The world is alarmingly off-track to deliver sanitation for all by 2030. Despite progress, over half of the world’s population, 4.2 billion people, use sanitation services that leave human waste untreated, threatening human and environmental health. An estimated 673 million people have no toilets at all and practise open defecation, while nearly 698 million school-age children lacked basic sanitation services at their school. The consequences of poor sanitation are devastating to public health and social and economic development.
With only 10 years left until 2030, the rate at which sanitation coverage is increasing will need to quadruple if the world is to achieve the SDG sanitation targets.
At the current rate of progress, it will be the twenty-second century before sanitation for all is a reality. Clearly this is too slow.
While the challenge is significant, history shows that rapid progress is possible. To accelerate progress, sanitation must be defined as an essential public good – one that is foundational for a healthy population and prosperous society. Many countries have made rapid progress in sanitation coverage within a generation, transforming lives, the environment and the economy. Every country that has made rapid progress has had strong political leadership, with government playing an important role in policy, planning, mobilizing investment and regulating services.
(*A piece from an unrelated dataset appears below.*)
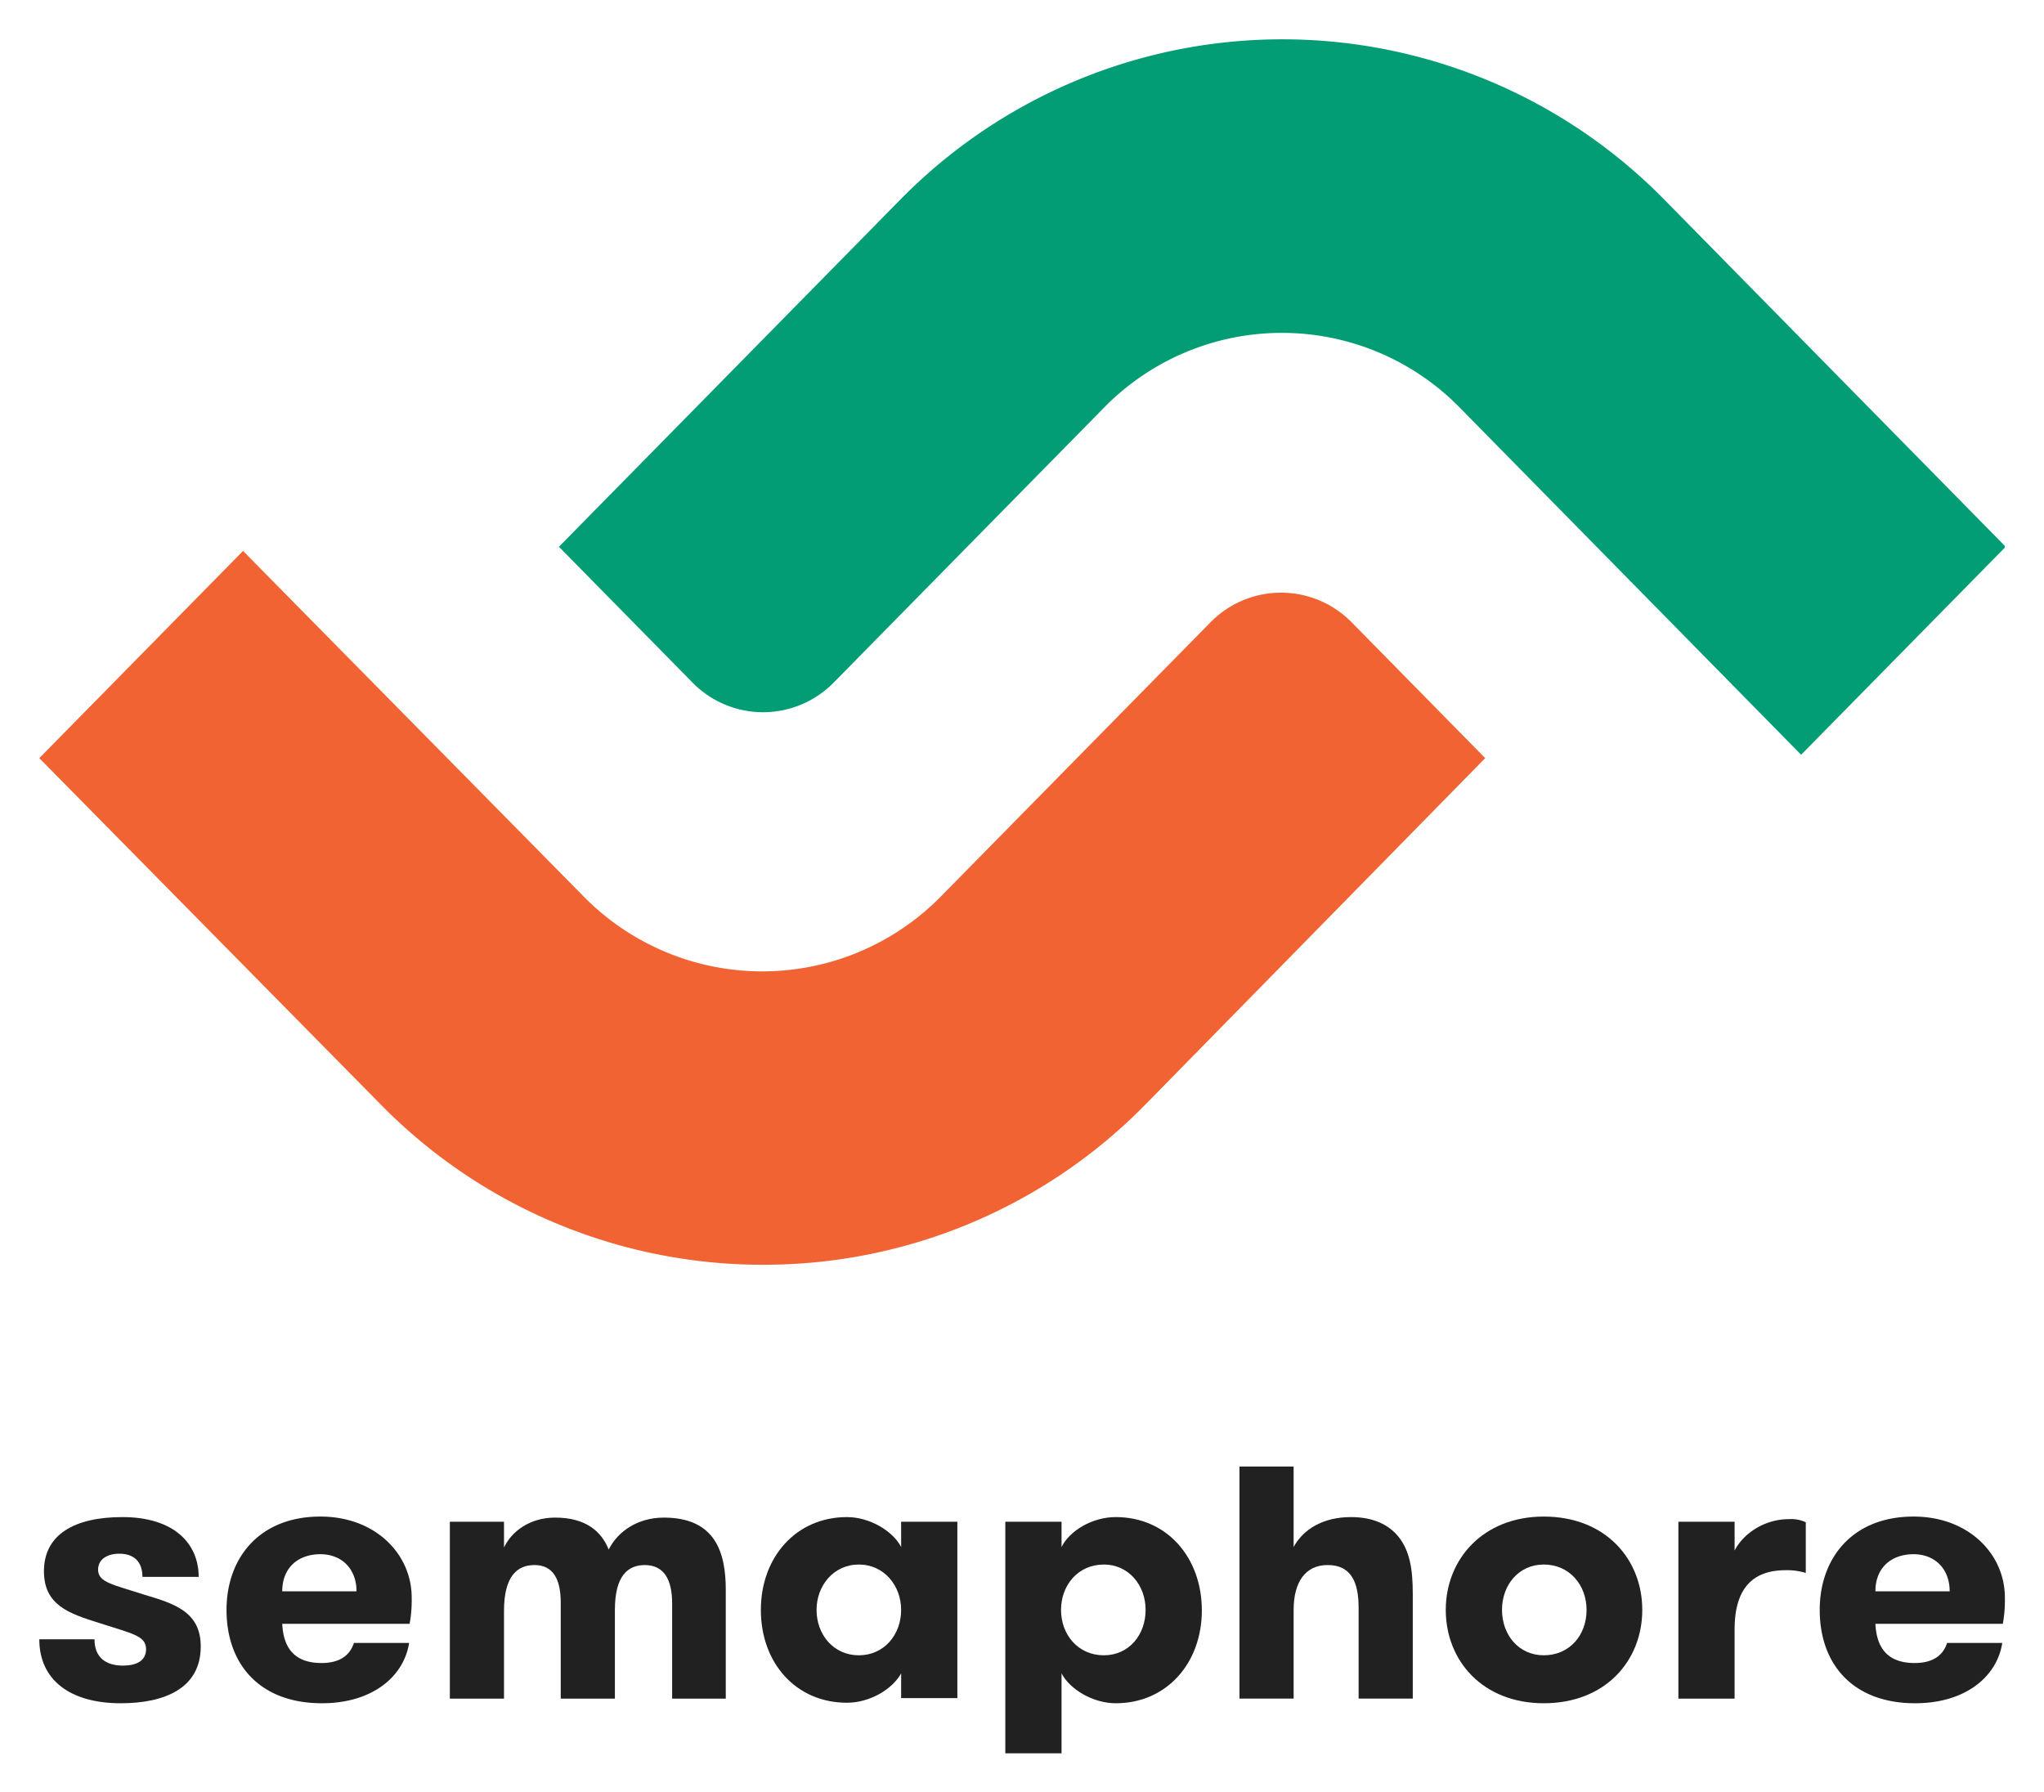 <svg xmlns="http://www.w3.org/2000/svg" role="img" viewBox="-14.75 -14.75 767.00 672.50"><title>Semaphore logo</title><defs><clipPath id="a"><path fill="#fff" d="M0 0h737.56v459.89H0z" data-name="Rectangle 2216"/></clipPath></defs><g data-name="Group 5111"><g fill="#212121" data-name="Group 4065"><path d="M60.576 603.163c0 15.676-13.547 21.289-30 21.289-18.966 0-30.578-8.709-30.578-24h20.708c0 6.967 4.452 9.87 10.644 9.87 5.032 0 8.71-1.742 8.71-6.193 0-5.033-5.225-5.806-17.806-9.87-11.031-3.484-20.514-6.581-20.514-19.354 0-13.741 11.419-20.321 29.417-20.321 19.353 0 28.643 9.87 28.643 22.45H38.7c0-5.419-2.9-8.709-8.709-8.709-4.258 0-7.935 1.935-7.935 6 0 4.838 5.806 5.613 17.031 9.29 11.813 3.484 21.489 6.581 21.489 19.548z" data-name="Path 9092"/><path d="M91.159 594.646c.387 7.935 3.676 14.709 14.708 14.709 7.354 0 10.838-3.29 12.193-7.548h20.699c-1.935 12.58-13.741 22.643-32.707 22.643-23.224 0-35.8-14.515-35.8-35.03 0-19.353 12.193-35.03 35.223-35.03 20.709 0 34.256 14.128 34.256 30.385a48.647 48.647 0 0 1-.774 9.87zm0-12.193h27.868c0-8.516-5.612-13.934-13.548-13.934-8.325 0-14.32 5.032-14.32 13.934z" data-name="Path 9093"/><path d="M237.466 622.71v-35.8c0-8.9-3.1-14.322-10.258-14.322-6.386 0-11.225 4.064-11.225 16.838v33.288h-20.321v-36c0-8.9-2.9-14.128-9.871-14.128-6.386 0-11.419 4.064-11.419 17.225v32.9h-20.32v-66.384h20.321v9.677c2.9-6.193 9.871-11.225 19.16-11.225 11.612 0 17.418 5.225 20.127 12 3.484-6.967 11.031-12 20.709-12 19.353 0 23.224 13.16 23.224 27.095v40.836z" data-name="Path 9094"/><path d="M323.399 565.81c-3.1-6-11.807-11.225-20.322-11.225-19.16 0-32.32 15.1-32.32 34.836 0 19.934 13.16 34.836 32.32 34.836 8.515 0 17.031-5.032 20.322-11.032v9.289h21.1v-66.187h-21.1zm-15.872 40.642c-9.484 0-15.87-7.741-15.87-17.03 0-9.1 6.387-17.031 15.87-17.031s15.87 7.935 15.87 17.031c.002 9.289-6.385 17.03-15.87 17.03z" data-name="Path 9095"/><path d="M403.913 554.585c-8.711 0-17.23 5.032-20.324 11.225v-9.483h-21.1v86.9h21.1v-30c3.094 6 11.8 11.225 20.324 11.225 19.158 0 32.319-15.1 32.319-34.836 0-19.935-13.162-35.031-32.319-35.031zm-4.452 51.867c-9.678 0-16.065-7.741-16.065-17.03s6.387-17.031 16.065-17.031c9.287 0 15.674 7.741 15.674 17.031s-6.196 17.03-15.674 17.03z" data-name="Path 9096"/><path d="M510.158 562.132c-3.675-4.645-9.485-7.548-18-7.548-10.26 0-17.807 4.451-21.483 11.225v-30.191h-20.32v87.091h20.324v-33.291c0-10.258 4.259-16.838 12.772-16.838 8.9 0 11.613 6.58 11.613 16.063v34.062h20.323v-39.287c-.001-9.48-1.162-16.06-5.229-21.286z" data-name="Path 9097"/><path d="M527.768 589.42c0-18.966 13.938-35.03 36.773-35.03 23.224 0 36.963 16.063 36.963 35.03s-13.739 35.03-36.963 35.03c-22.836 0-36.773-15.867-36.773-35.03zm52.835 0c0-9.29-6.385-17.031-16.063-17.031-9.48 0-15.675 7.741-15.675 17.031s6.195 17.031 15.675 17.031c9.677.001 16.063-7.547 16.063-17.031z" data-name="Path 9098"/><path d="M662.667 575.487a24.072 24.072 0 0 0-7.36-.968c-11.613 0-19.158 6-19.158 22.257v25.933h-21.092v-66.382h21.092v10.838c3.094-6.193 11.03-11.806 20.323-11.806a13.022 13.022 0 0 1 6.386 1.161v18.967z" data-name="Path 9099"/><path d="M688.984 594.646c.39 7.935 3.675 14.709 14.711 14.709 7.354 0 10.839-3.29 12.19-7.548h20.707c-1.934 12.58-13.738 22.643-32.7 22.643-23.225 0-35.8-14.515-35.8-35.03 0-19.353 12.188-35.03 35.221-35.03 20.707 0 34.255 14.128 34.255 30.385a48.576 48.576 0 0 1-.775 9.87zm0-12.193h27.868c0-8.516-5.611-13.934-13.547-13.934-8.321 0-14.321 5.032-14.321 13.934z" data-name="Path 9100"/></g><g clip-path="url(#a)" data-name="Group 4066"><path fill="#f16332" d="M271.439 459.888a200.749 200.749 0 0 1-143.612-60.436L0 269.763l76.449-77.75 127.827 129.686a93.962 93.962 0 0 0 134.017 0L439.5 218.769a37.1 37.1 0 0 1 52.926 0l50.139 50.993-127.518 130a200.412 200.412 0 0 1-143.608 60.126z" data-name="Path 8855"/><path fill="#029d74" d="M661.113 268.5l-127.828-130a93.411 93.411 0 0 0-134.017 0L298.059 241.434a37.1 37.1 0 0 1-52.927 0l-50.14-50.993 127.827-130a200.844 200.844 0 0 1 287.223 0l127.828 130z" data-name="Path 8856"/></g></g></svg>

Sanitation is a human right. Everyone is entitled to sanitation services that provide privacy, ensure dignity and safety, and that are physically accessible and affordable. Sanitation is also a public good, providing benefits across society in improved health as well as economic and social development. The lack of safe sanitation leads to illness and disease that disproportionately affect children, including diarrhea, worm infections and stunting. But poor sanitation affects everyone, and a polluted environment impacts the entire community, whether or not an individual household has a sanitation facility. In addition to hard-to-quantify effects on dignity, safety and gender equality, there are significant financial costs related to lack of sanitation, including increased health care costs, lost income, forgone educational opportunities and costs resulting from pollution. Poor sanitation disproportionately affects the most vulnerable and disadvantaged, particularly women and people living with disabilities. Sanitation workers, often stigmatized and marginalized, face unacceptable health risks and indignities in an unhealthy and unregulated environment.